* [EXERCISE DESCRIPTION] Please set down exactly the lines of the listing below from the line containing "The image shows" through the line containing "The line-height multiplier", both lines included, leaving out all other lines.

* [RECORDS FOR THE EXERCISE]
________________________________________
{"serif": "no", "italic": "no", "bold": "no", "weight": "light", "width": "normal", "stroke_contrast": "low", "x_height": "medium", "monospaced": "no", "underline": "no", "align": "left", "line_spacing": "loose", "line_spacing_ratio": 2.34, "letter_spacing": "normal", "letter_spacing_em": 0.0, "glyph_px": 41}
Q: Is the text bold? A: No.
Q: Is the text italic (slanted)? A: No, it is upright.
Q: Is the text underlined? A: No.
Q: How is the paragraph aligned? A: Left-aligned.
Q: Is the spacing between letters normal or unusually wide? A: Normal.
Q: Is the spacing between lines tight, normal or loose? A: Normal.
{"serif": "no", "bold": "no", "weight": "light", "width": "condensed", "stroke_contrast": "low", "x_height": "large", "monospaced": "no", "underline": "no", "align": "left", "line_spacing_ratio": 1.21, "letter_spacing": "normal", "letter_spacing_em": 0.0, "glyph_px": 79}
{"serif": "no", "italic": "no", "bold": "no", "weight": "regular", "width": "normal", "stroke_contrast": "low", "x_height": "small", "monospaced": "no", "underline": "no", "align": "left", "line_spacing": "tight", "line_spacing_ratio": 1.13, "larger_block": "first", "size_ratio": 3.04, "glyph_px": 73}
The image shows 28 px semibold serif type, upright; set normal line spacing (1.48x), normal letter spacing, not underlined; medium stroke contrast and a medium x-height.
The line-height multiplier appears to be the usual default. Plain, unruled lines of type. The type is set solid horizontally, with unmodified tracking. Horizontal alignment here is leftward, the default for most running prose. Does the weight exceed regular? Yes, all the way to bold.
________________________________________
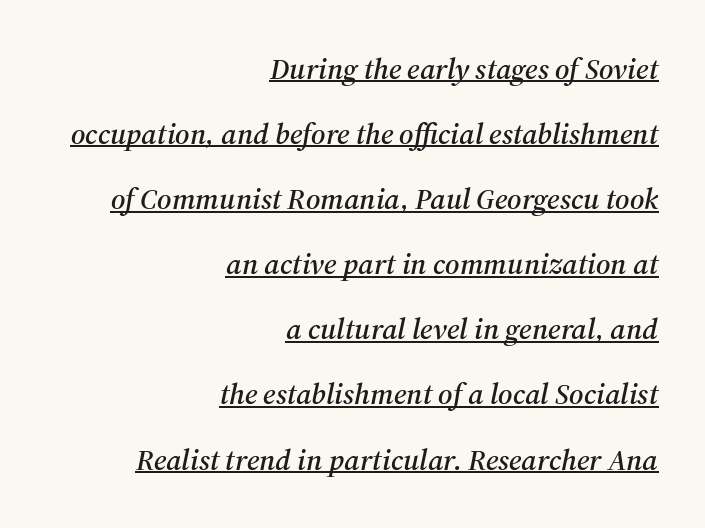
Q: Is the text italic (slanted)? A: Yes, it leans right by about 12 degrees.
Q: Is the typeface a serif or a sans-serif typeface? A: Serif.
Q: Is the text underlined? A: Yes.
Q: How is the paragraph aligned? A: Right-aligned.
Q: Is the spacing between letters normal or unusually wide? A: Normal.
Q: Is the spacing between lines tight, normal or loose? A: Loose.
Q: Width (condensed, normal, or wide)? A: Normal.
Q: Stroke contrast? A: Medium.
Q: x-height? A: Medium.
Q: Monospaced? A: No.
________________________________________
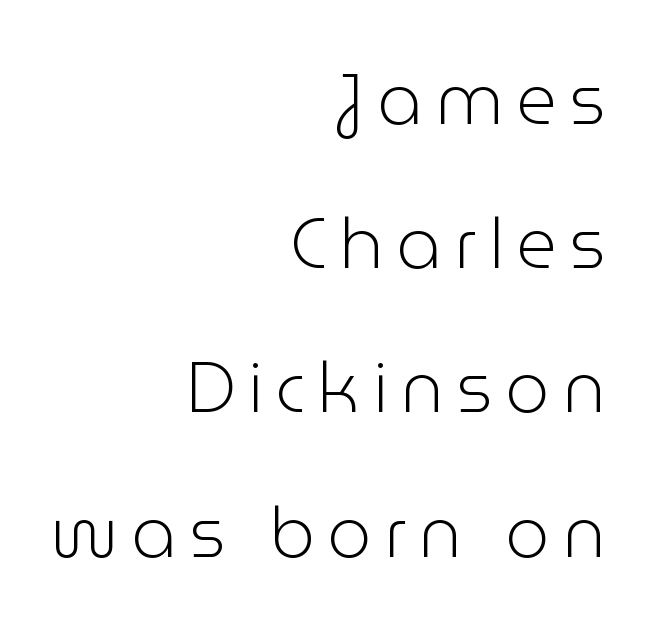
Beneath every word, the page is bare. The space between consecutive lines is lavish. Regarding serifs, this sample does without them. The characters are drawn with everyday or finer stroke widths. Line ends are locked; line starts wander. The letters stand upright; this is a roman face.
________________________________________
* [EXERCISE OUTPUT]
The image shows 28 px semibold serif type, upright; set normal line spacing (1.48x), normal letter spacing, not underlined; medium stroke contrast and a medium x-height.
The line-height multiplier appears to be the usual default. Plain, unruled lines of type. The type is set solid horizontally, with unmodified tracking. Horizontal alignment here is leftward, the default for most running prose. Does the weight exceed regular? Yes, all the way to bold.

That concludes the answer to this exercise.